The PEOPLE, Plaintiff and Respondent, v. Anthony D. SCOTT, Defendant and Appellant.

H000719.

Decided: February 20, 1986

Phillip H. Pennypacker, Adm'r, Conflict Admin. Program, Deanna F. Lamb, San Jose, for defendant and appellant. John K. Van de Kamp, Atty. Gen., Robert R. Granucci, Deputy Atty. Gen., San Francisco, for plaintiff and respondent.

Defendant Anthony Scott appeals from a judgment of conviction following a jury verdict finding him guilty of violating Penal Code section 245, subdivision (a) 1 (assault with a deadly weapon).   The jury also found that defendant intentionally inflicted great bodily injury, within the meaning of section 12022.7, and that defendant committed the offense while armed with a firearm, said arming not being an element of the offense within the meaning of section 12022, subdivision (a).   Defendant was sentenced to five years in prison.

Defendant contends that the trial court's direction to the court reporter to enter the jury room and reread a portion of the testimony to the jury without the knowledge and consent of defendant or his counsel requires reversal.   We agree and accordingly do not address defendant's other contention.

The People produced evidence that at approximately 11 p.m. on September 23, 1983, a dice game was in progress outside a market in Seaside.   Defendant and Steve Lofton were among eight people placing bets on the ground.   After Lofton lost his bet, he began to walk away from the game.   Defendant, who had just won his bet, accused Lofton of taking his money.   Lofton denied the accusation.   An argument followed and defendant shot Lofton with a small handgun.

Defendant denied shooting Lofton and presented an alibi defense.

Defendant contends he was denied his Sixth Amendment right to counsel when the trial court, without notifying either defendant or his counsel, directed the court reporter to enter the jury room and read a portion of the testimony to the jury.

In the instant case, the trial court had asked counsel if they would waive their presence in the event the jury, during deliberation, were to request that testimony be read.   Defense counsel stated he wished to be notified of the nature of any such request and indicated he might not waive his presence at any such reading.   Deliberations began at 2:10 p.m.   The clerk's minutes reflect that at 2:20 p.m., the trial court received a note from the jury requesting that Lofton's testimony regarding the ejection of the unused round from the handgun be read back.   Although the official record is silent on the point, the People appear to concede that neither defendant nor his counsel were notified of the jury's request and that the trial court nevertheless instructed the court reporter to enter the jury room and read the requested testimony to the jury.   Nothing appears in the record of oral proceedings regarding the jury's request.   There is no evidence as to which portions of the testimony were read or what transpired in the jury room.   The jury returned its verdict at 3 p.m.

 It is established that in a criminal case the trial court should communicate with the jury only in open court and after counsel has been notified.  (People v.

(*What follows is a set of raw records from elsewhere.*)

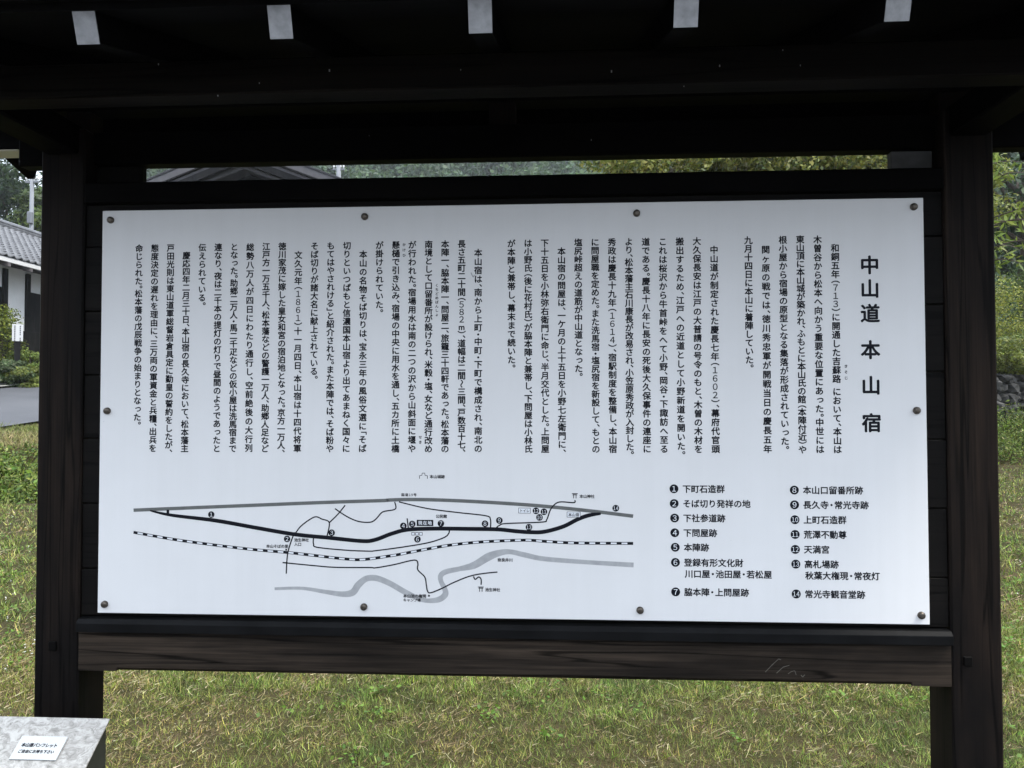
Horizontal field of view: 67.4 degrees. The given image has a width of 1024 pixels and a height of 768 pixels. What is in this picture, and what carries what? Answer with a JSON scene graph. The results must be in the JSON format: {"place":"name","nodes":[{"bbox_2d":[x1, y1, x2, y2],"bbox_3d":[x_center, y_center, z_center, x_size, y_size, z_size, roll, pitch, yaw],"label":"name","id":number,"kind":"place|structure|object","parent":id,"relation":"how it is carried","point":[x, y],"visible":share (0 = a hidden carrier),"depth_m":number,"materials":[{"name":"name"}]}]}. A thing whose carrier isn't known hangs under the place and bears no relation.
{"place":"outdoors","nodes":[
{"label":"outdoors","id":0,"kind":"place"},
{"bbox_2d":[0,387,38,426],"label":"road","id":1,"kind":"structure","parent":0,"point":[19,405],"depth_m":16.94,"materials":[{"name":"grey asphalt"}]},
{"bbox_2d":[2,160,41,215],"label":"sky","id":2,"kind":"structure","parent":0,"point":[40,176],"materials":[{"name":"white"}]},
{"bbox_2d":[0,152,1023,767],"bbox_3d":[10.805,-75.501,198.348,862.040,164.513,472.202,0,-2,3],"label":"ground","id":3,"kind":"structure","parent":0,"point":[478,738],"depth_m":3.65,"materials":[{"name":"green plant"}]},
{"bbox_2d":[0,304,29,360],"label":"garden shrub","id":4,"kind":"object","parent":3,"relation":"on","point":[6,323],"visible":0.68,"depth_m":21.00,"materials":[{"name":"green plant"}]},
{"bbox_2d":[12,324,22,386],"bbox_3d":[-13.257,-0.760,20.580,0.260,1.690,0.105,1,-2,-31],"label":"notice sign","id":5,"kind":"object","parent":3,"relation":"on","point":[17,334],"visible":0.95,"depth_m":20.55,"materials":[{"name":"white metal"}]},
{"bbox_2d":[0,358,36,387],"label":"garden shrub","id":6,"kind":"object","parent":3,"relation":"on","point":[6,365],"visible":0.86,"depth_m":20.18,"materials":[{"name":"green plant"}]},
{"bbox_2d":[0,421,37,449],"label":"verge grass","id":7,"kind":"structure","parent":3,"relation":"on","point":[21,441],"depth_m":13.71,"materials":[{"name":"plant"}]},
{"bbox_2d":[0,350,38,383],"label":"garden shrub","id":8,"kind":"object","parent":3,"relation":"on","point":[28,357],"visible":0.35,"depth_m":20.85,"materials":[{"name":"green plant"}]},
{"bbox_2d":[0,158,39,218],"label":"broadleaf tree","id":9,"kind":"object","parent":3,"relation":"on","point":[4,161],"depth_m":49.91,"materials":[{"name":"green plant"}]},
{"bbox_2d":[0,219,40,365],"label":"plaster house","id":10,"kind":"structure","parent":3,"relation":"on","point":[20,264],"depth_m":23.30,"materials":[{"name":"white paint"}]},
{"bbox_2d":[0,161,41,229],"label":"broadleaf tree","id":11,"kind":"object","parent":3,"relation":"on","point":[8,191],"visible":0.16,"depth_m":45.90,"materials":[{"name":"green plant"}]},
{"bbox_2d":[4,366,38,387],"bbox_3d":[-13.015,-0.159,20.540,1.252,0.723,1.142,-1,-2,40],"label":"garden shrub","id":12,"kind":"object","parent":3,"relation":"on","point":[26,384],"visible":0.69,"depth_m":20.22,"materials":[{"name":"green plant"}]},
{"bbox_2d":[4,185,41,231],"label":"broadleaf tree","id":13,"kind":"object","parent":3,"relation":"on","point":[23,200],"visible":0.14,"depth_m":43.76,"materials":[{"name":"green plant"}]},
{"bbox_2d":[25,176,38,229],"bbox_3d":[-23.767,-5.529,37.882,0.684,9.950,0.324,0,-2,3],"label":"utility pole","id":14,"kind":"object","parent":3,"relation":"on","point":[30,217],"visible":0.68,"depth_m":37.94,"materials":[{"name":"grey concrete"}]},
{"bbox_2d":[0,716,109,767],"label":"leaflet box","id":15,"kind":"object","parent":3,"relation":"on","point":[41,742],"visible":1,"depth_m":1.51,"materials":[{"name":"metal"}]},
{"bbox_2d":[146,166,340,181],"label":"gable house","id":16,"kind":"structure","parent":3,"relation":"on","point":[240,173],"depth_m":24.15,"materials":[{"name":"grey tile"}]},
{"bbox_2d":[332,165,344,176],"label":"utility pole","id":17,"kind":"object","parent":3,"relation":"on","point":[338,169],"visible":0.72,"depth_m":49.89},
{"bbox_2d":[0,0,1023,767],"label":"notice board","id":18,"kind":"object","parent":3,"relation":"on","point":[106,104],"visible":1,"depth_m":1.64,"materials":[{"name":"brown wood"}]},
{"bbox_2d":[98,198,929,624],"bbox_3d":[-0.024,0.057,1.668,1.800,0.900,0.012,0,-2,3],"label":"information panel","id":19,"kind":"object","parent":18,"relation":"on","point":[676,410],"visible":1,"depth_m":1.67,"materials":[{"name":"white metal"}]},
{"bbox_2d":[0,400,1023,503],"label":"bank weeds","id":20,"kind":"object","parent":3,"relation":"on","point":[18,470],"visible":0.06,"depth_m":12.55,"materials":[{"name":"green plant"}]},
{"bbox_2d":[2,626,1021,767],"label":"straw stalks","id":21,"kind":"object","parent":3,"relation":"on","point":[515,717],"visible":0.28,"depth_m":3.65,"materials":[{"name":"beige plant"}]},
{"bbox_2d":[0,468,1023,767],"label":"clover patches","id":22,"kind":"object","parent":3,"relation":"on","point":[528,678],"visible":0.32,"depth_m":3.97,"materials":[{"name":"green plant"}]},
{"bbox_2d":[5,498,1020,670],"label":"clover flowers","id":23,"kind":"object","parent":3,"relation":"on","point":[34,639],"visible":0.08,"depth_m":5.38,"materials":[{"name":"white plant"}]},
{"bbox_2d":[147,152,1021,310],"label":"wood","id":24,"kind":"object","parent":3,"relation":"on","point":[496,169],"visible":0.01,"depth_m":155.63,"materials":[{"name":"green plant"}]},
{"bbox_2d":[575,158,723,173],"bbox_3d":[2.970,-1.919,15.747,2.934,7.900,2.878,-1,-2,23],"label":"persimmon tree","id":25,"kind":"object","parent":3,"relation":"on","point":[643,166],"visible":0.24,"depth_m":15.03,"materials":[{"name":"green plant"}]},
{"bbox_2d":[667,156,819,171],"bbox_3d":[4.976,-2.148,16.540,3.554,8.280,3.667,0,-2,3],"label":"persimmon tree","id":26,"kind":"object","parent":3,"relation":"on","point":[754,163],"visible":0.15,"depth_m":15.53,"materials":[{"name":"green plant"}]},
{"bbox_2d":[790,155,886,169],"bbox_3d":[6.863,-1.846,15.489,2.868,7.811,2.814,1,-2,-29],"label":"persimmon tree","id":27,"kind":"object","parent":3,"relation":"on","point":[847,162],"visible":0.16,"depth_m":14.91,"materials":[{"name":"green plant"}]},
{"bbox_2d":[844,153,1023,227],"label":"persimmon tree","id":28,"kind":"object","parent":3,"relation":"on","point":[997,202],"visible":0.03,"depth_m":16.54,"materials":[{"name":"green plant"}]},
{"bbox_2d":[996,343,1002,362],"bbox_3d":[11.693,-1.023,21.109,2.906,1.691,2.862,0,-2,3],"label":"terrace bush","id":29,"kind":"object","parent":3,"relation":"on","point":[997,350],"visible":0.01,"depth_m":20.09,"materials":[{"name":"green plant"}]},
{"bbox_2d":[993,152,1023,329],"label":"dark tree","id":30,"kind":"object","parent":3,"relation":"on","point":[1010,232],"visible":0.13,"depth_m":31.60,"materials":[{"name":"green plant"}]},
{"bbox_2d":[993,153,1023,275],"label":"willow tree","id":31,"kind":"object","parent":3,"relation":"on","point":[996,157],"visible":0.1,"depth_m":10.19,"materials":[{"name":"green plant"}]},
{"bbox_2d":[995,275,1023,342],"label":"terrace bush","id":32,"kind":"object","parent":3,"relation":"on","point":[998,305],"visible":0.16,"depth_m":23.77,"materials":[{"name":"green plant"}]},
{"bbox_2d":[995,264,1023,338],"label":"terrace bush","id":33,"kind":"object","parent":3,"relation":"on","point":[1020,283],"visible":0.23,"depth_m":25.93,"materials":[{"name":"green plant"}]},
{"bbox_2d":[996,335,1023,374],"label":"terrace bush","id":34,"kind":"object","parent":3,"relation":"on","point":[1011,361],"visible":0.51,"depth_m":20.79,"materials":[{"name":"green plant"}]},
{"bbox_2d":[996,332,1023,352],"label":"terrace bush","id":35,"kind":"object","parent":3,"relation":"on","point":[1019,337],"visible":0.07,"depth_m":22.23,"materials":[{"name":"green plant"}]},
{"bbox_2d":[997,374,1023,427],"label":"stone wall","id":36,"kind":"structure","parent":3,"relation":"on","point":[1010,387],"depth_m":20.66,"materials":[{"name":"grey stone"}]}
]}

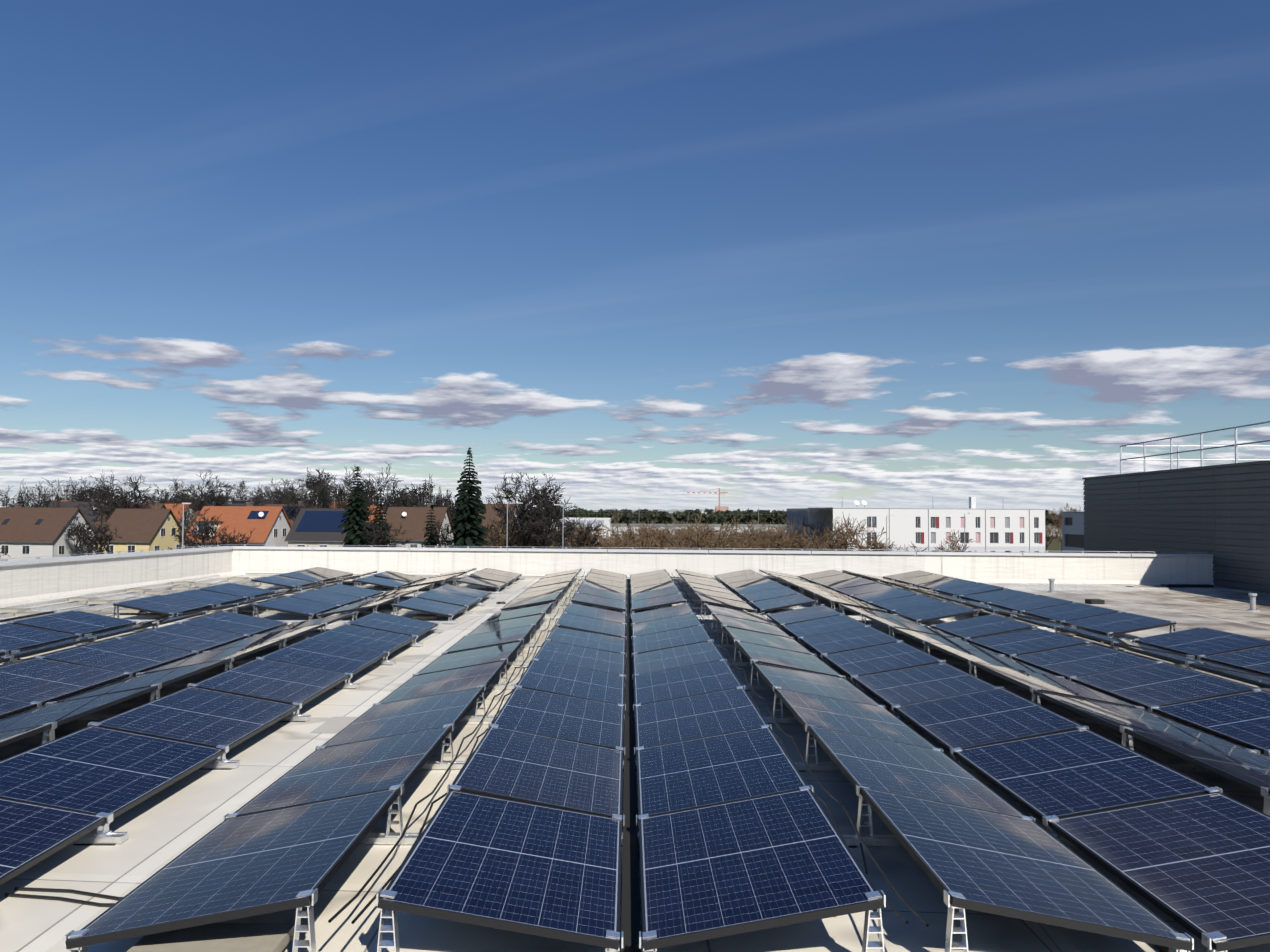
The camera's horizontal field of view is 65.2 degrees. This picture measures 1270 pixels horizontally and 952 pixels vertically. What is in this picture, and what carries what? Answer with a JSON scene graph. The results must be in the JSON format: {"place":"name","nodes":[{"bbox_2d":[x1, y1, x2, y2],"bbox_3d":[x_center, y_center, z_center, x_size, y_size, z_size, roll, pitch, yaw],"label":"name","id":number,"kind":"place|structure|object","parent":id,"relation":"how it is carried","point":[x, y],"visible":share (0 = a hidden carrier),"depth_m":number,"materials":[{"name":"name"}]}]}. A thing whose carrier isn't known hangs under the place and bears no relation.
{"place":"outdoors","nodes":[
{"label":"outdoors","id":0,"kind":"place"},
{"bbox_2d":[0,495,517,560],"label":"houses","id":1,"kind":"structure","parent":0,"point":[33,532],"depth_m":151.29,"materials":[{"name":"brown"}]},
{"bbox_2d":[552,520,603,525],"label":"building","id":2,"kind":"structure","parent":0,"point":[591,521],"depth_m":327.37,"materials":[{"name":"white paint"}]},
{"bbox_2d":[0,571,1261,951],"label":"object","id":3,"kind":"object","parent":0,"point":[244,937],"visible":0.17,"depth_m":5.24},
{"bbox_2d":[0,575,1269,951],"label":"roof","id":4,"kind":"structure","parent":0,"point":[164,827],"depth_m":6.29,"materials":[{"name":"grey concrete"}]},
{"bbox_2d":[0,549,1213,604],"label":"parapet","id":5,"kind":"structure","parent":4,"relation":"on","point":[27,582],"depth_m":28.81,"materials":[{"name":"grey concrete"}]},
{"bbox_2d":[0,546,1212,566],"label":"parapet cap","id":6,"kind":"object","parent":5,"relation":"on","point":[64,559],"visible":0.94,"depth_m":28.91,"materials":[{"name":"silver metal"}]},
{"bbox_2d":[0,568,1269,951],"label":"mounting brackets","id":7,"kind":"object","parent":4,"relation":"on","point":[102,834],"visible":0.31,"depth_m":9.32,"materials":[{"name":"silver metal"}]},
{"bbox_2d":[0,567,1269,951],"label":"solar panel frames","id":8,"kind":"structure","parent":7,"relation":"on","point":[686,937],"depth_m":7.30,"materials":[{"name":"silver metal"}]},
{"bbox_2d":[0,567,1269,941],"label":"solar panels","id":9,"kind":"object","parent":8,"relation":"in","point":[1202,861],"visible":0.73,"depth_m":7.10,"materials":[{"name":"blue glass"}]},
{"bbox_2d":[310,587,1269,732],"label":"roof patches","id":10,"kind":"object","parent":4,"relation":"on","point":[335,725],"visible":0.52,"depth_m":9.25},
{"bbox_2d":[1082,460,1269,592],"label":"plant room","id":11,"kind":"object","parent":4,"relation":"on","point":[1221,513],"visible":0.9,"depth_m":29.23,"materials":[{"name":"grey metal"}]},
{"bbox_2d":[1120,421,1269,473],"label":"railing","id":12,"kind":"object","parent":11,"relation":"on","point":[1201,449],"visible":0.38,"depth_m":33.19,"materials":[{"name":"grey metal"}]},
{"bbox_2d":[0,0,1269,514],"label":"sky","id":13,"kind":"structure","parent":0,"point":[778,255],"materials":[{"name":"blue"}]},
{"bbox_2d":[565,513,1061,552],"bbox_3d":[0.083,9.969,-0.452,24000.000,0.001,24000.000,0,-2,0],"label":"ground","id":14,"kind":"structure","parent":0,"point":[1055,547],"depth_m":379.58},
{"bbox_2d":[0,447,1080,556],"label":"vegetation","id":15,"kind":"object","parent":14,"relation":"on","point":[533,527],"visible":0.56,"depth_m":163.09,"materials":[{"name":"brown plant"}]},
{"bbox_2d":[182,503,973,551],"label":"street lamps","id":16,"kind":"object","parent":14,"relation":"on","point":[563,524],"visible":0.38,"depth_m":129.65,"materials":[{"name":"grey"}]},
{"bbox_2d":[687,488,727,508],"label":"crane","id":17,"kind":"object","parent":14,"relation":"on","point":[710,492],"visible":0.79,"depth_m":1500.17,"materials":[{"name":"brown"}]},
{"bbox_2d":[557,508,1061,536],"bbox_3d":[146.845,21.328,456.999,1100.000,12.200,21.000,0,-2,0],"label":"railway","id":18,"kind":"object","parent":14,"relation":"on","point":[718,526],"visible":0.17,"depth_m":453.98,"materials":[{"name":"grey metal"}]},
{"bbox_2d":[553,497,1085,552],"bbox_3d":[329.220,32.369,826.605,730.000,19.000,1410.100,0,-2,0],"label":"buildings","id":19,"kind":"structure","parent":0,"point":[1014,530],"depth_m":174.12,"materials":[{"name":"white paint"}]},
{"bbox_3d":[-0.969,5.779,-5.551,35.264,7.990,72.671,0,-2,0],"label":"building body","id":20,"kind":"object","parent":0,"visible":0},
{"bbox_2d":[0,544,1260,611],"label":"roof furniture","id":21,"kind":"object","parent":20,"relation":"on","point":[1251,595],"visible":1,"depth_m":28.81,"materials":[{"name":"grey metal"}]}
]}

Hogan (1982) 31 Cal.3d 815, 848–849, 183 Cal.Rptr. 817, 647 P.2d 93;  § 1138.) 2  Such a procedure is required in order to provide the parties with the opportunity to make a timely objection to any action considered irregular.  (Ibid.)

 As stated by the court in People v. Knighten (1980) 105 Cal.App.3d 128, 132, 164 Cal.Rptr. 96, ‘ [i]t is obviously critically important that a defendant and his [or her] attorney be permitted to participate in decisions as to what testimony is to be reread to the jury;  the essence of the error in this action is its tendency to deprive the defendant of his fundamental constitutional right to the assistance of counsel at this critical stage of the proceedings.  [Citations.]‘

Thus, any such error warrants application of the standard of reversibility set forth in Chapman v. California (1967) 386 U.S. 18, 24, 87 S.Ct. 824, 828, 17 L.Ed.2d 705.  ‘  ’[B]efore a federal constitutional error can be held harmless, the court must be able to declare a belief that it was harmless beyond a reasonable doubt.' ‘  (Knighten, supra, 105 Cal.App.3d at p. 133, 164 Cal.Rptr. 96.)   In People v. Dagnino (1978) 80 Cal.App.3d 981, 146 Cal.Rptr. 129, the court discussed the Chapman standard in the context of violations of section 1138.   It stated that ‘prejudice will be presumed where the denial 'may have affected’ the substantial rights of the accused.   Only the 'most compelling showing' to the contrary will suffice to overcome the presumption, and courts will not engage in 'nice calculations' in making such a determination.‘  (Id., at p. 989, 146 Cal.Rptr. 129.)  (Emphasis in original.)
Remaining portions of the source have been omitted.